Dari pernikahan lintas suku ini, akan lahir generasi baru yang membawa semangat kebhinekaan sejati — generasi yang tumbuh dari kasih sayang tanpa batas suku, tanpa batas daerah.
Karena sejatinya, setiap pernikahan lintas budaya adalah jembatan kecil menuju Indonesia yang lebih utuh.
Dan Atar serta Ayu telah membangun jembatan itu, dengan cinta sebagai pondasinya.
Catatan Penulis:
Pernikahan lintas budaya seperti Atar dan Ayu bukan sekadar kisah cinta dua insan.

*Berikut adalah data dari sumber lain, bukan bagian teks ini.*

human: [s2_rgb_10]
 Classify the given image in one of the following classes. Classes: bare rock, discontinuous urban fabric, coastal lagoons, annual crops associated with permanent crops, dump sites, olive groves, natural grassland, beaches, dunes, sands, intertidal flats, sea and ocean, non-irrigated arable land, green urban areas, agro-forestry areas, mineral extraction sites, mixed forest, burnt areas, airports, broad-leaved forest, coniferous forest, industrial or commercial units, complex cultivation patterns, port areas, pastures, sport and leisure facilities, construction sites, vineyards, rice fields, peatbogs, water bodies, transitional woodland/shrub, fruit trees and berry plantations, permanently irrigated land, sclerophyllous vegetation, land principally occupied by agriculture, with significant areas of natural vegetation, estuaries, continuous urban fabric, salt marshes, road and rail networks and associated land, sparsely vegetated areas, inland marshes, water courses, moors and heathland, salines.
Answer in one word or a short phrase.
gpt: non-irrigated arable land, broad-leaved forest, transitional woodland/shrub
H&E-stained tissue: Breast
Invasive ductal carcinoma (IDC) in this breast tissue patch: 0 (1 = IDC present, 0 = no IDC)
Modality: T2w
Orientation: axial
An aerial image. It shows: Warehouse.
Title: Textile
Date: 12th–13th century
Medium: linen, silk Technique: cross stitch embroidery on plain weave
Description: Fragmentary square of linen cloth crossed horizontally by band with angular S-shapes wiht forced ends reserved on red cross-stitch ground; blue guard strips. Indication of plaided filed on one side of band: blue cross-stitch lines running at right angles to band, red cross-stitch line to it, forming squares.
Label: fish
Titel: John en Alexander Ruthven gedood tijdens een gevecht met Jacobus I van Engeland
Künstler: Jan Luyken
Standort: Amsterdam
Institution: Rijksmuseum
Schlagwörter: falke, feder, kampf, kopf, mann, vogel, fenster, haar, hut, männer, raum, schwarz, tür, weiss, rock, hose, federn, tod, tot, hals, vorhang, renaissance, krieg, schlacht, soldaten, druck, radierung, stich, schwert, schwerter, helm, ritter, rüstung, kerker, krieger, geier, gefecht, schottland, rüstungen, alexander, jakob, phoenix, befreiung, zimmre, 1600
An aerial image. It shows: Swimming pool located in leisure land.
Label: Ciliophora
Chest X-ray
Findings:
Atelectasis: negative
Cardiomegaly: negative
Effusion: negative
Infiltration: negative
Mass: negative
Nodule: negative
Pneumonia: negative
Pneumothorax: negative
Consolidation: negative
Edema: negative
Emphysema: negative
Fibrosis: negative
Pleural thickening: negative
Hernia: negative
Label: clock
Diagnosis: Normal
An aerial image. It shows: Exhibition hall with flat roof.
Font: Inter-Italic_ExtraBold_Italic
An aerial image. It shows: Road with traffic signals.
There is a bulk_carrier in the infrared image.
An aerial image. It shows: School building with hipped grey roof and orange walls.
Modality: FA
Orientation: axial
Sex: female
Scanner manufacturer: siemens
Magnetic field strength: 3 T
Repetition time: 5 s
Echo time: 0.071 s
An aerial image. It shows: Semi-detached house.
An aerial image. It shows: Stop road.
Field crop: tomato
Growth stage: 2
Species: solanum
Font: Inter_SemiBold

Ia adalah bentuk nyata dari semboyan Bhinneka Tunggal Ika — berbeda-beda tetapi tetap satu jua. Dalam setiap pertemuan dua adat, akan selalu lahir harmoni baru yang memperkaya khazanah bangsa.
Atar mungkin membawa semangat pejuang dari Tanah Rencong, sementara Ayu menyulamnya dengan kelembutan Pasundan. Dari keduanya, Indonesia mendapatkan pelajaran berharga: bahwa cinta, bila dijaga dengan nilai dan rasa hormat, akan selalu melahirkan peradaban yang indah.